Material shown Block Start
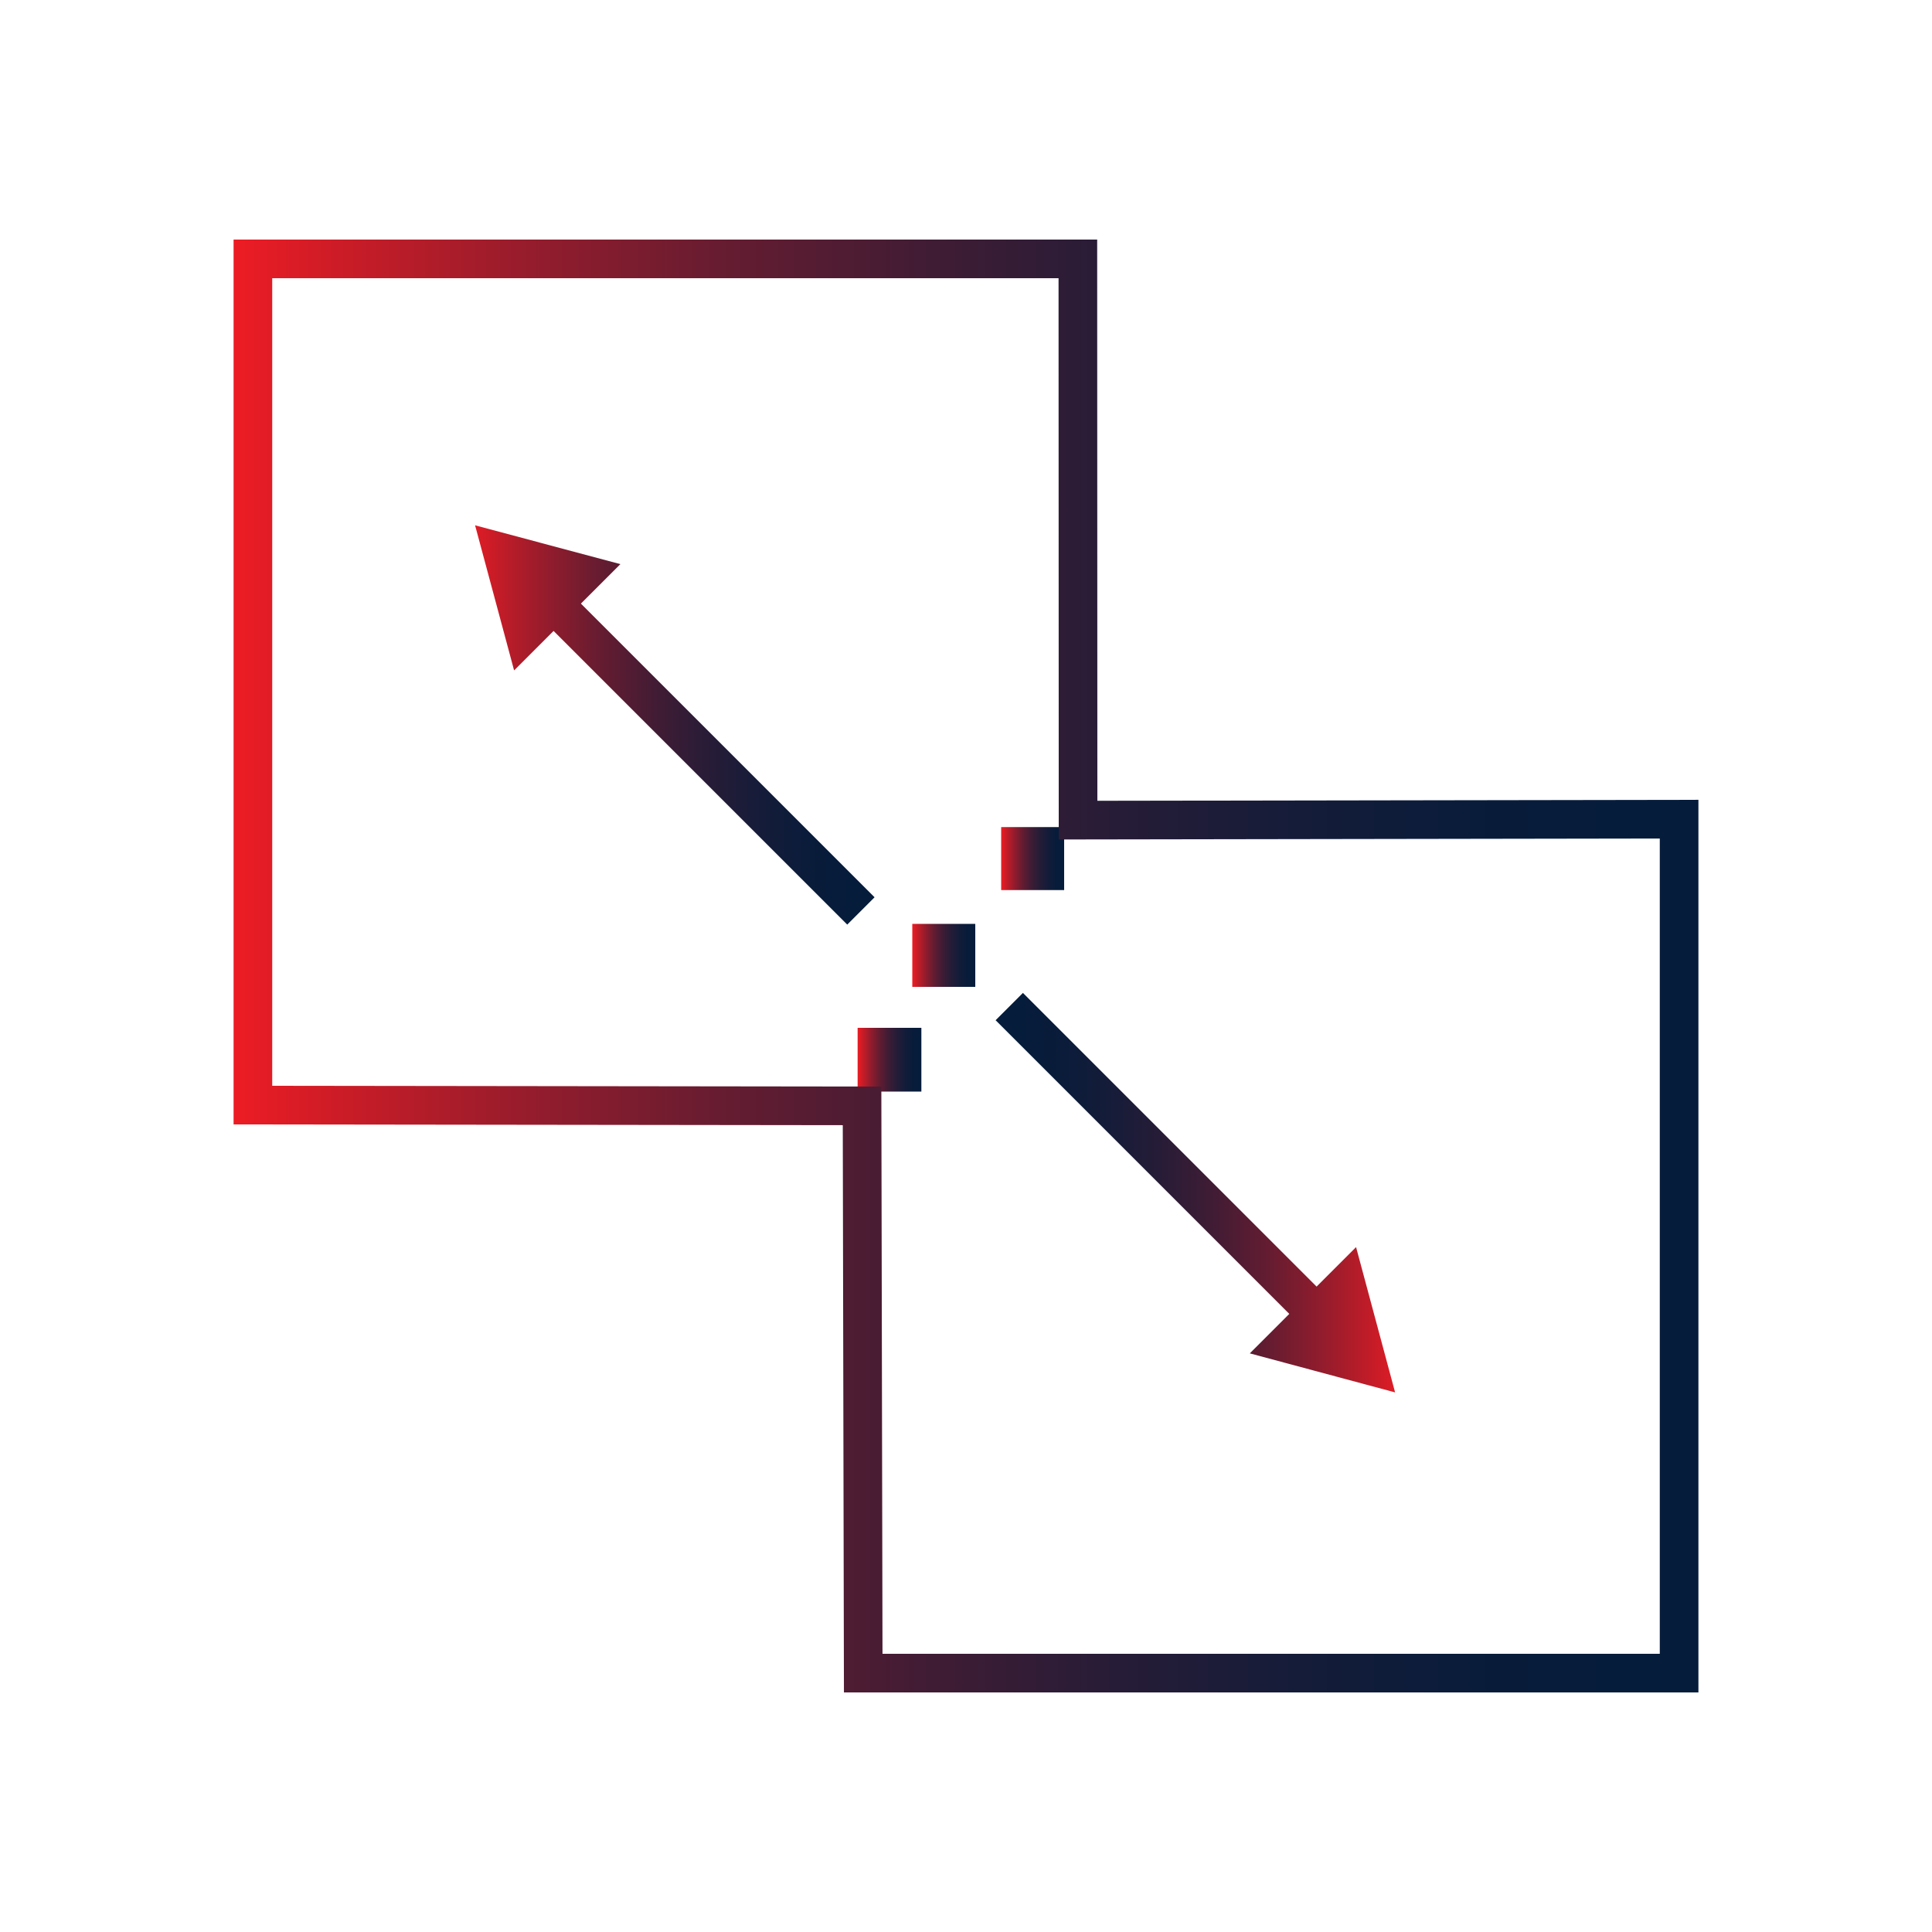 <?xml version="1.0" encoding="UTF-8"?>
<svg id="split" xmlns="http://www.w3.org/2000/svg" xmlns:xlink="http://www.w3.org/1999/xlink" viewBox="0 0 100 100">
  <defs>
    <linearGradient id="New_Gradient_Swatch_1" data-name="New Gradient Swatch 1" x1="51.82" y1="44.44" x2="55.08" y2="44.44" gradientUnits="userSpaceOnUse">
      <stop offset="0" stop-color="#ed1c24"/>
      <stop offset=".1" stop-color="#bf1c28"/>
      <stop offset=".22" stop-color="#8e1c2d"/>
      <stop offset=".34" stop-color="#641c31"/>
      <stop offset=".47" stop-color="#411c34"/>
      <stop offset=".6" stop-color="#271c37"/>
      <stop offset=".73" stop-color="#141c39"/>
      <stop offset=".86" stop-color="#081c3a"/>
      <stop offset="1" stop-color="#051c3b"/>
    </linearGradient>
    <linearGradient id="New_Gradient_Swatch_1-2" data-name="New Gradient Swatch 1" x1="47.22" y1="49.45" x2="50.48" y2="49.45" xlink:href="#New_Gradient_Swatch_1"/>
    <linearGradient id="New_Gradient_Swatch_1-3" data-name="New Gradient Swatch 1" x1="44.39" y1="54.85" x2="47.69" y2="54.85" xlink:href="#New_Gradient_Swatch_1"/>
    <linearGradient id="New_Gradient_Swatch_1-4" data-name="New Gradient Swatch 1" x1="12.09" y1="50" x2="87.91" y2="50" xlink:href="#New_Gradient_Swatch_1"/>
    <linearGradient id="New_Gradient_Swatch_1-5" data-name="New Gradient Swatch 1" x1="23.89" y1="39.15" x2="45.27" y2="39.15" xlink:href="#New_Gradient_Swatch_1"/>
    <linearGradient id="New_Gradient_Swatch_1-6" data-name="New Gradient Swatch 1" x1="23.89" y1="30.94" x2="45.27" y2="30.94" xlink:href="#New_Gradient_Swatch_1"/>
    <linearGradient id="New_Gradient_Swatch_1-7" data-name="New Gradient Swatch 1" x1="72.91" y1="60.1" x2="51.53" y2="60.1" xlink:href="#New_Gradient_Swatch_1"/>
    <linearGradient id="New_Gradient_Swatch_1-8" data-name="New Gradient Swatch 1" x1="72.91" y1="68.31" x2="51.53" y2="68.31" xlink:href="#New_Gradient_Swatch_1"/>
  </defs>
  <rect x="51.82" y="42.81" width="3.26" height="3.26" fill="url(#New_Gradient_Swatch_1)"/>
  <rect x="47.22" y="47.82" width="3.26" height="3.26" fill="url(#New_Gradient_Swatch_1-2)"/>
  <rect x="44.39" y="53.2" width="3.3" height="3.3" fill="url(#New_Gradient_Swatch_1-3)"/>
  <polygon points="55.79 13.4 13.09 13.4 13.09 57.2 44.62 57.24 44.68 86.6 86.91 86.6 86.91 42.4 55.8 42.45 55.79 13.4" fill="none" fill-rule="evenodd" stroke="url(#New_Gradient_Swatch_1-4)" stroke-miterlimit="10" stroke-width="2"/>
  <g>
    <line x1="28.55" y1="31.14" x2="44.56" y2="47.15" fill="none" stroke="url(#New_Gradient_Swatch_1-5)" stroke-miterlimit="10" stroke-width="2"/>
    <polygon points="26.61 34.7 24.59 27.19 32.11 29.2 26.61 34.7" fill="url(#New_Gradient_Swatch_1-6)"/>
  </g>
  <g>
    <line x1="68.25" y1="68.11" x2="52.24" y2="52.1" fill="none" stroke="url(#New_Gradient_Swatch_1-7)" stroke-miterlimit="10" stroke-width="2"/>
    <polygon points="70.19 64.55 72.21 72.07 64.69 70.05 70.19 64.55" fill="url(#New_Gradient_Swatch_1-8)"/>
  </g>
</svg>
Material shown Block End
### Problem to solve
What lines of the material above contain "height"? Return each of them.

### Output
  <rect x="51.82" y="42.81" width="3.26" height="3.26" fill="url(#New_Gradient_Swatch_1)"/>
  <rect x="47.22" y="47.82" width="3.26" height="3.26" fill="url(#New_Gradient_Swatch_1-2)"/>
  <rect x="44.39" y="53.2" width="3.3" height="3.3" fill="url(#New_Gradient_Swatch_1-3)"/>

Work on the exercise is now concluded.